Task description
Scanning the entries below, copy every line that contains the word "style".
○ ○ ○ ○ ○ ○ ○
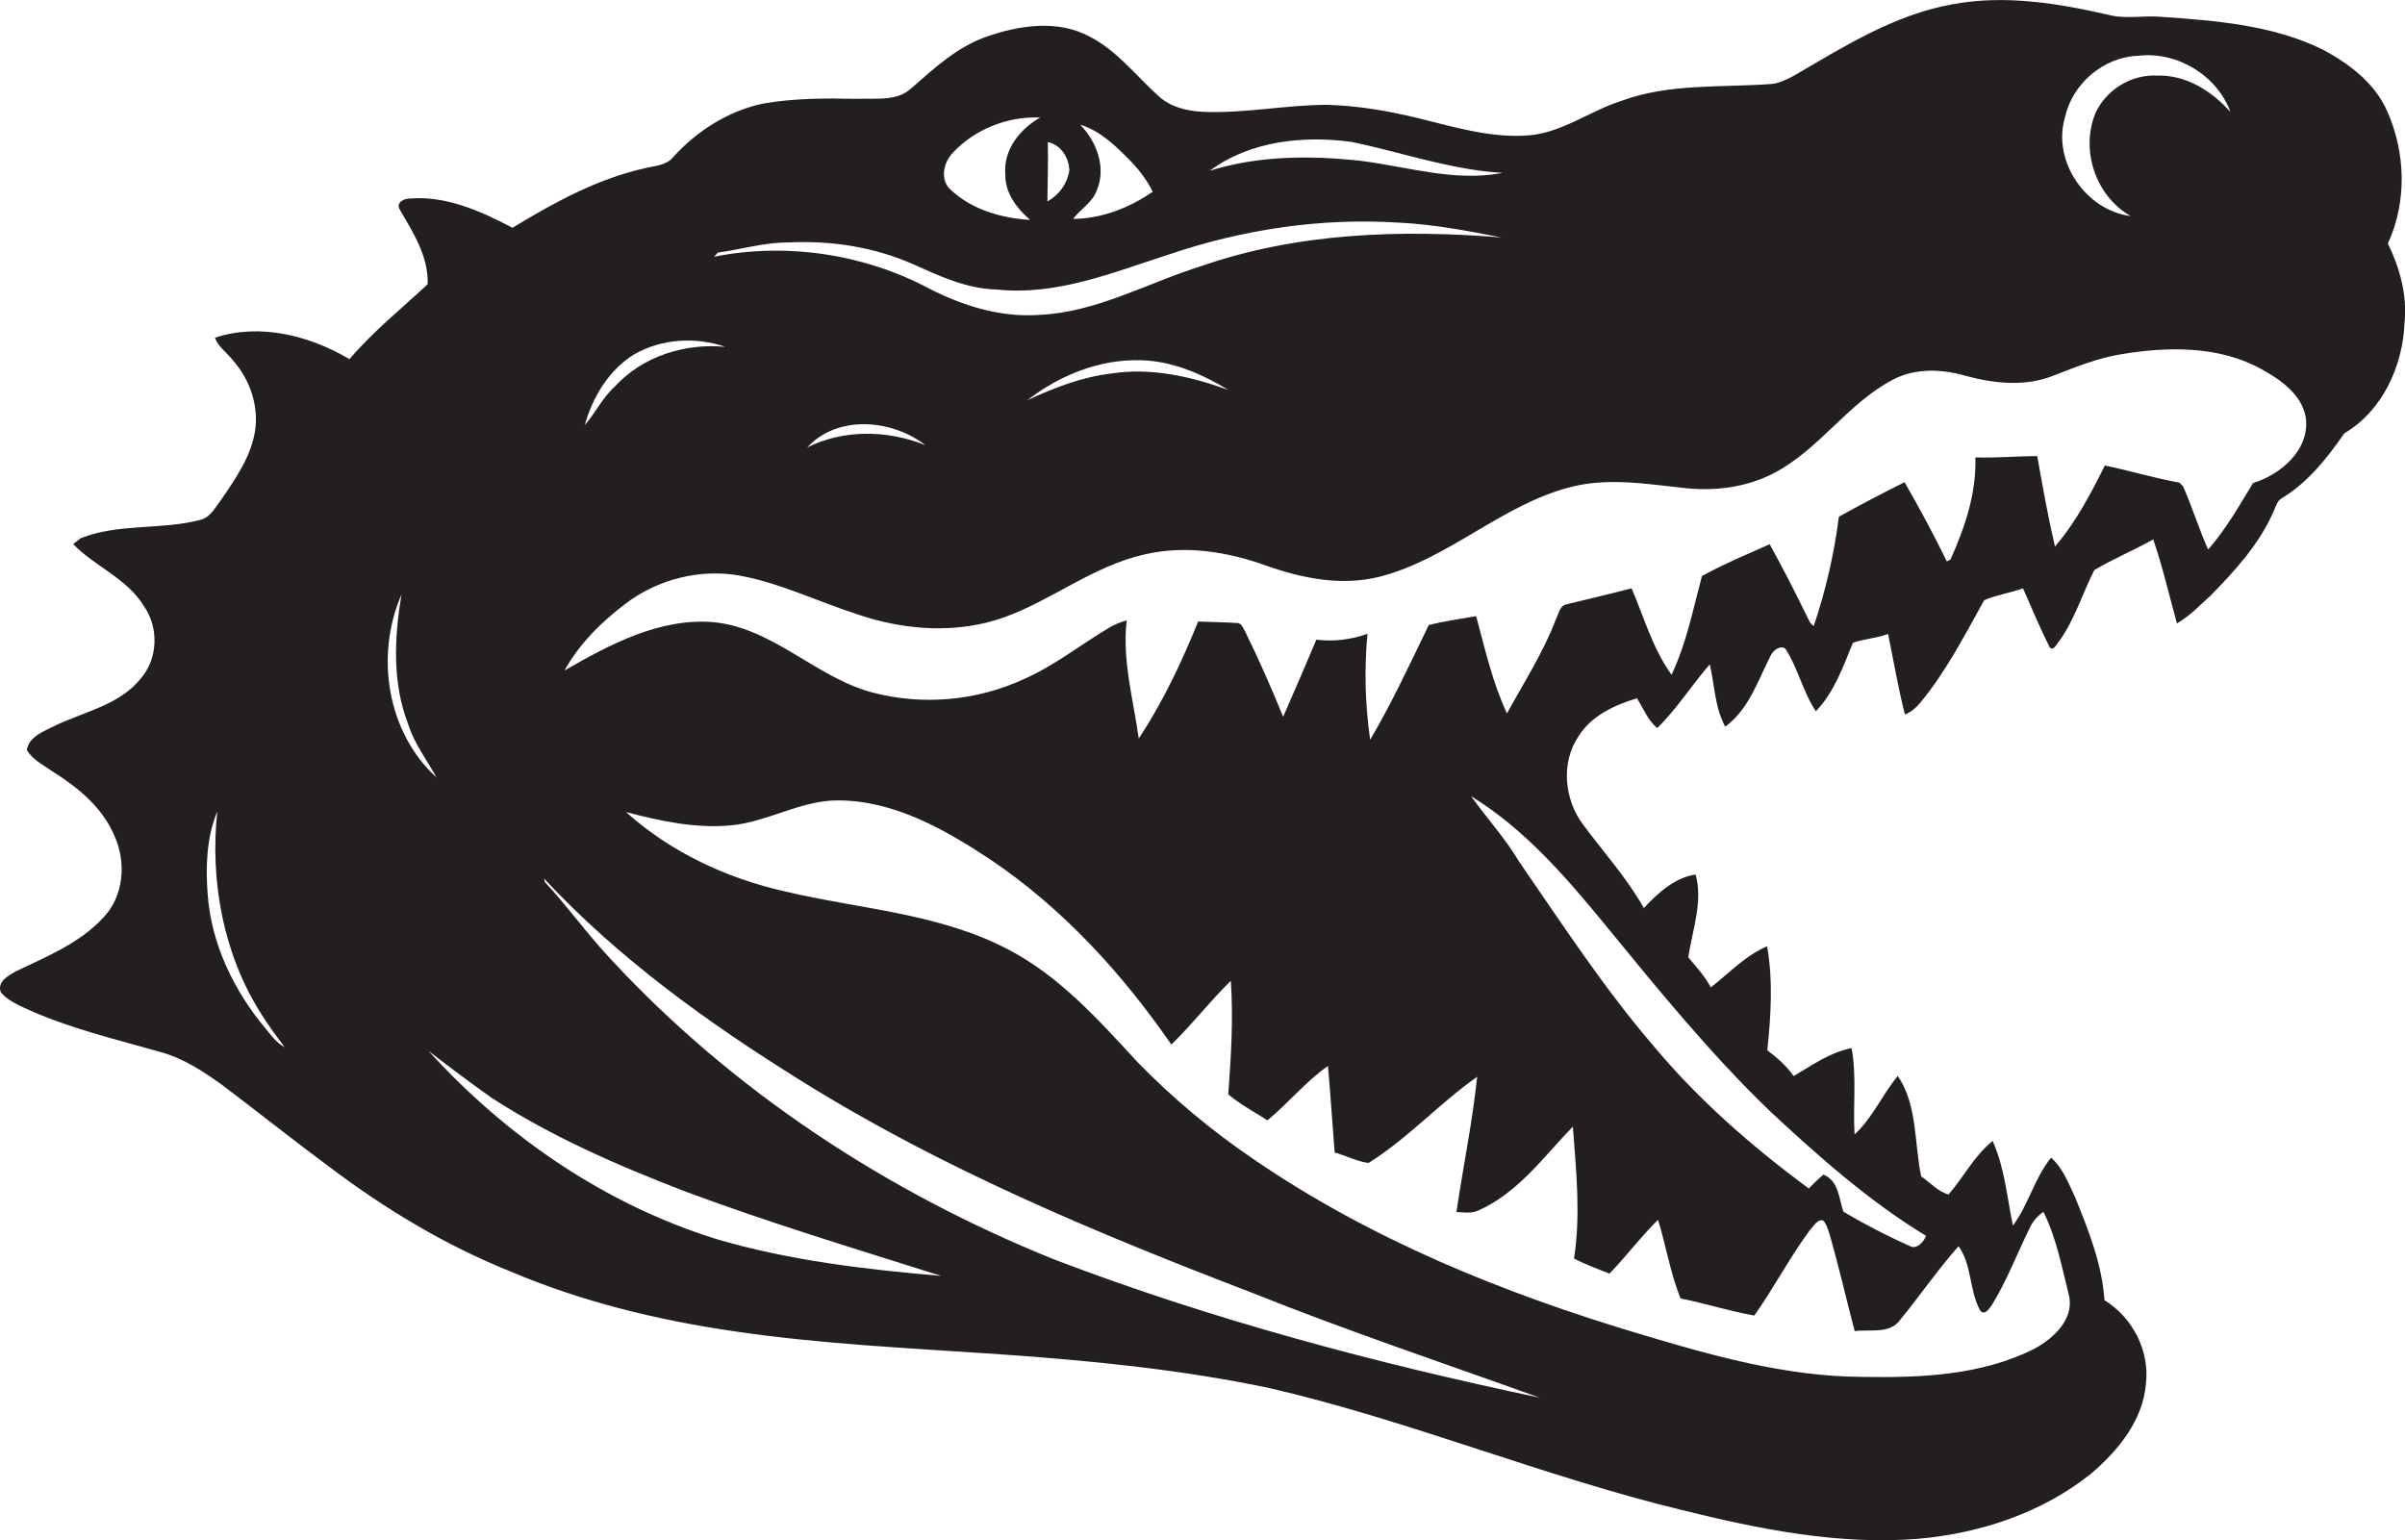 <?xml version="1.0" encoding="utf-8"?>
<!-- Generator: Adobe Illustrator 19.2.0, SVG Export Plug-In . SVG Version: 6.00 Build 0)  -->
<svg version="1.1" id="Layer_1" xmlns="http://www.w3.org/2000/svg" xmlns:xlink="http://www.w3.org/1999/xlink" x="0px" y="0px"
	 viewBox="0 0 1686.1 1080" style="enable-background:new 0 0 1686.1 1080;" xml:space="preserve">
<style type="text/css">
	.st0{fill:#231F20;}
</style>
<title>bise-eise_Crocodile_flat_black_logo_White_background_b779e77f-dadf-4b2a-82ef-7d2c9956dbad</title>
<path class="st0" d="M1674.1,170.7c13.5-29.1,12.5-64.1-0.7-93.2c-8.6-19.3-26.2-32.6-44.3-42.4c-35.3-17.6-75.4-20.6-114-23.3
	c-11.6-1.1-23.2,1.5-34.7-0.9C1444.1,2.5,1406-4,1368.9,3c-40.8,7.2-76.4,29.8-111.6,50.3c-4.9,2.6-10.1,5.1-15.7,5.6
	c-35,2.6-71.2-0.6-104.8,11.8c-22.1,7-41.5,22.3-65.1,24.2c-26.3,2.1-51.9-5.8-77.2-12c-20.9-5.1-42.4-8.8-63.9-9.4
	c-29.3,0-58.2,6.2-87.5,4.9c-11-0.6-22.5-3.3-30.8-11c-15.8-14.2-29-31.8-48.3-41.7c-22.5-12.2-49.8-8-72.9,0.2
	c-20.3,7.2-36.2,22-52.1,35.9c-10.3,9.6-25.2,6.9-38.1,7.5c-22.1-0.5-44.4-0.5-66.3,3.4c-24.3,5.2-46.1,19.2-62.7,37.5
	c-4.8,5.9-12.9,6-19.6,7.7c-33.5,7.4-64,24.2-93,41.8c-22.2-11.7-46.5-22.6-72.2-20.5c-4.2,0-9.8,3.1-6.7,7.9
	c9.3,16.1,20.1,32.8,19.4,52.2c-18.5,17.2-38.3,33.2-54.8,52.5c-27.6-16.4-62.9-25.5-94.3-15c2.6,6.9,9.1,11,13.4,16.8
	c11.5,13.4,17.5,31.7,14.6,49.2s-13.7,33.1-23.8,47.8c-4,5.1-7.3,12-14.1,13.8c-27.6,7.4-57.4,2.3-84.3,13l-5.2,4.1
	c15.3,15.8,37.8,24,49.6,43.5c10.5,15,9.9,36.5-2,50.5c-14.9,18.8-39.7,23.4-60.3,33.3c-7.6,3.9-18.2,7.4-19.8,17
	c3.9,6.8,11.2,10.3,17.4,14.7c18.1,11.3,35.8,25.6,44.2,45.9c8.2,18.4,6.4,41.9-7.8,56.8c-16.7,18.2-39.9,27.5-61.4,37.8
	c-5.4,3-13.5,7.4-10.6,14.8c4.3,5.1,10.4,8,16.3,10.8c30.9,14.3,64.1,22,96.6,31.3c15.7,4.5,29.5,13.6,42.6,23.1
	c25.3,19.1,50,38.8,75.4,57.6c39,29.4,81.1,54.7,126.4,72.9c50.2,21.3,103.5,34.2,157.3,42c61.8,9.1,124.2,11.8,186.4,16.1
	s126.5,10.6,188.6,23.7c98,22.7,191.3,61.8,289.1,85.5c54.1,13.4,109.9,24.7,165.9,20.1c43.4-3.9,86.8-18.3,121-45.8
	c18.9-16.1,36.2-37.3,38.3-63c2.6-23.2-9.4-46.3-29.1-58.5c-1.7-25.2-11.2-49.1-20.6-72.2c-4.6-9.8-8.6-20.4-16.8-27.7
	c-11.7,14.2-15.8,33-26.8,47.6c-4.1-19.9-5.8-40.6-14.2-59.3c-12.8,10.2-20.3,25.3-30.9,37.5c-7-1.7-13.1-8.5-19.2-12.7
	c-4.9-23.2-2.5-50-16.4-70.4c-10.9,13.1-17.7,29.5-30.3,41c-1.2-20.1,1.6-40.5-2.1-60.5c-15.1,2.9-27.7,12-40.6,19.6
	c-5-7.2-11.6-12.9-18.5-18.1c2.6-24.2,4.1-48.9-0.1-72.9c-15.3,6.4-26.6,18.9-39.5,28.8c-4.1-7.8-10.2-14.4-15.8-21.1
	c2.9-19,10.4-39,5.2-58c-14.3,1.9-26.6,12.9-36.3,23.5c-11.9-21.1-28.2-39.1-42.6-58.5c-13.2-17.5-15.8-43.4-3.2-62
	c9.1-14.5,25.1-21.8,40.9-26.6c4.5,7,7.7,15.4,14.2,20.9c13.8-13.4,24.2-30.2,36.9-44.7c3.4,14.6,3.5,30.2,10.8,43.7
	c16.4-11.9,22.9-32.2,31.7-49.5c1.7-3.6,6.2-7.8,10.4-5.3c9,13.7,12.3,30.4,21.5,44c12.8-13.4,19.1-31.2,25.9-48
	c8-2.9,16.7-3.1,24.7-6.2c3.9,18.8,7,37.8,11.8,56.4c4.3-1.5,7.7-4.6,10.6-8c18.2-21.9,31.2-47.4,45-72.1c8.7-3.7,18.3-5.1,27.2-8.3
	c6,13.8,11.9,27.7,18.6,41.2c2.9,3.5,5.2-2.8,7-4.5c10.8-15.1,16-33.1,24.4-49.5c13.3-7.9,27.8-13.9,41.3-21.5
	c6.6,19.3,11.2,39.2,16.6,58.9c8.9-5.1,16-12.7,23.6-19.5c17.3-17.6,34.4-36.4,44.3-59.3c1.5-3.4,2.5-7.6,6.2-9.3
	c18-11.1,31.3-27.9,43.2-45.1c27-16,41.1-47.3,42.3-77.9C1687.7,206.7,1682.4,187.8,1674.1,170.7z M185.8,720.7
	c-22-26.4-37.7-59-40.2-93.6c-1.5-19.5-0.8-39.9,6.7-58.1c-5.1,48.8,4.2,99.9,30.7,141.7c5,8.2,10.9,15.8,16.5,23.5
	C193.7,731.2,189.9,725.6,185.8,720.7z M1447.6,82.7c5.1-23.9,27.1-42.9,51.7-43.6c27.1-3.2,55.1,13.8,64.4,39.4
	c-13-14.6-31-26.1-51.3-25.5c-18-1-35.6,9.8-43.2,26c-10.9,26,0,58.6,24.6,72.5C1462.6,147.6,1438.8,113.4,1447.6,82.7L1447.6,82.7z
	 M947.6,99.5c35.3,7.3,69.7,19.7,105.9,21.7c-33.2,6.5-66.3-4.2-99.2-8.4c-35.4-3.9-71.8-3.8-106.1,6.9
	C876.3,98.8,913.8,94.9,947.6,99.5L947.6,99.5z M769,133.3c6.7-15.9-0.2-34.1-11.7-45.9c14.5,4.5,25.5,15.5,35.8,26
	c6,6.2,11.1,13.3,15.1,21c-16.3,11.3-35.8,18.9-55.9,19.1C757.6,146.5,766,141.9,769,133.3z M734.6,99.6c9.2,1.9,14.9,11,15.1,20
	c-1.5,9.2-7.2,17.2-15.4,21.6C734.5,127.3,734.9,113.5,734.6,99.6z M668,107.1c15.5-16.6,38.6-25.7,61.3-24.7
	c-14.3,8-26.1,22.9-24.5,40c-0.2,13,8.1,23.7,17.4,31.8c-19.8-1.2-40.7-7.1-55.4-20.9C658.7,126.5,661.3,114,668,107.1z
	 M503.3,177.1c16.6-2.3,32.8-7.2,49.6-7.1c30.1-1.5,60.6,3.3,88.1,15.6c18.4,8.3,37.3,17,57.9,17.4c41.8,4.5,81.4-12,120.4-24.5
	c51.7-17.6,106.7-25.9,161.3-22.4c24.3,1.1,48.3,5.8,72.2,10.4c-70.5-5.7-143-3.4-210.4,20c-37.9,11.8-73.6,32.6-114.1,34.3
	c-26.9,1.9-53.3-6.4-76.9-18.5C605.7,178,551.2,169.9,500.6,180L503.3,177.1z M861.2,273.4c-26.1-9.4-54.3-15.9-82.1-11.5
	c-20.6,2.4-40.1,10-58.8,18.7c22.6-17.6,51.1-29,80-28C822.2,253.2,842.8,262.3,861.2,273.4L861.2,273.4z M648.7,312.1
	c-26.3-10.6-57.1-11.2-82.7,1.6C587.1,290.6,625.5,294,648.7,312.1z M445.3,248.1c19-10.7,42.7-12,63.2-4.9
	c-28.3-2.7-58.1,6.6-77.5,27.9c-8.6,7.7-13.5,18.4-21,26.9c5.5-19.8,17.2-39.1,35.2-49.9H445.3z M281.5,416.8
	c-5.1,30.3-6.6,62.2,4.8,91.3c4.2,13.5,13,24.7,19.7,37C271.2,513.4,262.9,459.3,281.5,416.8z M503,869
	c-78.1-24.1-147.9-71.9-202.6-132.2c14.4,11.2,29,22.1,43.9,32.7c42.4,27.5,89,47.8,136.1,65.9c59,22,119.3,40.2,179.4,59.2
	C607.1,890.1,554,883.9,503,869z M738.9,883C622,835.9,513.8,765.1,428.1,672.4c-16.2-17.2-30-36.6-46.1-54l-0.6-2.4
	c52.2,56,115,101.2,179.8,141.5c99,61.9,207.3,107,316,148.7c66.6,26.7,134.7,49.5,202.3,73.8C963.9,955.7,849.3,925.2,738.9,883
	L738.9,883z M1373.1,873.8c9.5,13.1,7.4,31.1,15.2,45.1c3,3.9,6.4-1.5,8.1-3.8c10.5-17,17.6-35.8,26.4-53.7
	c2.1-4.7,5.5-8.8,9.8-11.7c9.1,18.2,12.9,38.6,17.8,58.2c4.2,16.6-10.5,30.4-23.8,37.6c-37.3,19-80.3,20.6-121.3,19.9
	c-53.6-0.3-105.5-15-156.4-30.3c-95-28.4-188.3-66.2-270.3-122.5c-29.3-19.9-56.6-42.7-81.3-68.1c-27.2-29.5-54.7-60.3-90.9-79
	c-48.4-25.3-104-28.1-156.2-40.5c-40.8-9.2-80-27.5-111.3-55.6c24.3,6.3,49.3,11.8,74.5,9.2s48.2-17.5,74.2-17.4
	c39.4,0.1,74.9,20.4,106.8,41.5c50.6,34.1,92.3,79.7,126.8,129.7c14.7-14.2,27.1-30.5,41.7-44.7c1.8,26.5,0.2,53.1-1.8,79.6
	c8.4,7.1,18.2,12.3,27.5,18.2c14.7-12.1,26.8-27.2,42.4-38.1c1.8,20.2,3.1,40.5,4.7,60.7c8,2.1,15.7,6.4,23.8,7.3
	c27.5-17.2,49.6-41.8,76.1-60.4c-3.3,31.8-9.9,63.2-14.5,94.8c5.4,0.3,11.1,1.2,16.1-1.4c27.3-12.4,45.2-37.5,65.5-58.5
	c2.3,30.7,5.6,61.9,0.8,92.5c8,4.2,16.5,7.3,24.9,10.6c11.8-12.2,21.9-25.9,34-37.7c5.7,18.3,8.6,37.4,15.8,55.1
	c17.4,3.5,34.3,8.9,51.7,12c13.8-19.5,24.9-40.9,39.1-60.1c2.6-2.5,4.8-7.5,9.1-6.6c2.5,2.5,3.3,6.1,4.5,9.4
	c6.5,22.6,11.7,45.5,17.7,68.2c10.7-1.4,24.6,2.3,31.9-7.9C1346.1,908.4,1358.5,890.2,1373.1,873.8L1373.1,873.8z M1125,648
	c37,45.2,73.9,90.7,116.1,131.3c34.1,31.7,69.3,63,109.2,87.2c-1.5,4.3-6.8,10.2-11.9,6.9c-15.8-7-31.1-15-46-23.8
	c-3.3-9.5-3.2-21.6-14-26c-3.6,3-7,6.3-10.3,9.7c-39.7-29.3-77.1-61.9-108.8-99.9c-34.7-40.4-63.9-85.2-94.1-129
	c-9.8-16.5-22.8-30.7-33.9-46.2C1068.6,581.1,1097.6,614.6,1125,648z M1579.6,338.7c-9.7,15.8-19.1,32.5-31.5,46.6
	c-6.6-14.5-11.1-29.8-17.6-44.3l-2.5-2.6c-17.6-3.1-34.8-8.4-52.3-12c-10,19.9-20.4,39.9-35,56.8c-4.9-21-8.7-42.2-12.4-63.4
	c-14.5,0-28.9,1.4-43.4,0.9c0.8,25-7.3,49.2-17.5,71.7l-2.5,1.2c-9.2-18.8-19.2-37.3-29.6-55.5c-15.6,7.7-30.9,15.8-46.1,24.2
	c-3.3,26.1-9.2,51.7-17.6,76.6c-2.7-1.5-3.7-4.7-5-7.2c-8.2-16.9-16.8-33.6-25.9-50.1c-15.9,7.1-32.3,13.9-47.5,22.3
	c-6.2,23.3-10.9,47.3-21.3,69.2c-13.1-18.1-19.3-40.2-28-60.6c-15.2,4-30.6,7.5-45.9,11.3c-4.5,1-5.1,6.4-7,9.9
	c-8.8,23.5-22.5,44.6-34.5,66.5c-10.1-21.6-15.4-45.2-21.6-68.2c-11.1,2-22.3,3.5-33.2,6.2c-13.1,27.1-25.8,54.5-41.1,80.5
	c-3.5-24.6-4.2-49.5-1.9-74.3c-11.4,4.1-23.7,5.6-35.8,4.1c-7.6,18.1-15.5,36.1-23.3,54.1c-8.2-20.2-17-40.2-26.6-59.7
	c-1.5-2.5-2.7-6.6-6.4-6.1c-8.8-0.6-17.8-0.6-26.6-1c-11.5,28.4-24.7,56.4-41.6,82c-3.9-27.4-11.7-54.8-8.5-82.8
	c-4.2,1.1-8.3,2.8-12.1,5c-20,11.9-38.4,26.6-59.8,36.1c-33.2,15.3-70.8,18.7-106.2,9.5c-39.9-10.6-69.7-45.4-111.8-49.4
	c-37.7-3-72.5,15.7-104.2,33.9c10.3-18.7,26-34.2,43-47c22.5-17,52-24.5,79.8-19.5s54.9,18.2,82.4,27.1c33,11.3,69.9,14,103.1,2.1
	s62.8-36.2,98.5-44.1c28.3-6.6,57.9-1.9,84.9,7.8c25.4,9.1,53.3,14.6,80,7.8c48-12.4,84.9-50,132.8-62.6c26.2-7,53.3-2.5,79.8,0.4
	c21.5,2.5,44-0.2,63.4-10.3c31.9-16.5,51.8-49,83.6-65.6c16-8.4,35.1-7.5,52-2.4c19.4,5.1,40.5,7.3,59.7-0.1
	c16.1-6.2,32.2-12.9,49.4-15.5c32.4-5.3,67.9-5.7,97.4,10.7c13.4,7.4,27.9,17.5,30.9,33.5C1619.8,315,1599.2,332.7,1579.6,338.7z"/>
</svg>
○ ○ ○ ○ ○ ○ ○
Your response
	 viewBox="0 0 1686.1 1080" style="enable-background:new 0 0 1686.1 1080;" xml:space="preserve">
<style type="text/css">
</style>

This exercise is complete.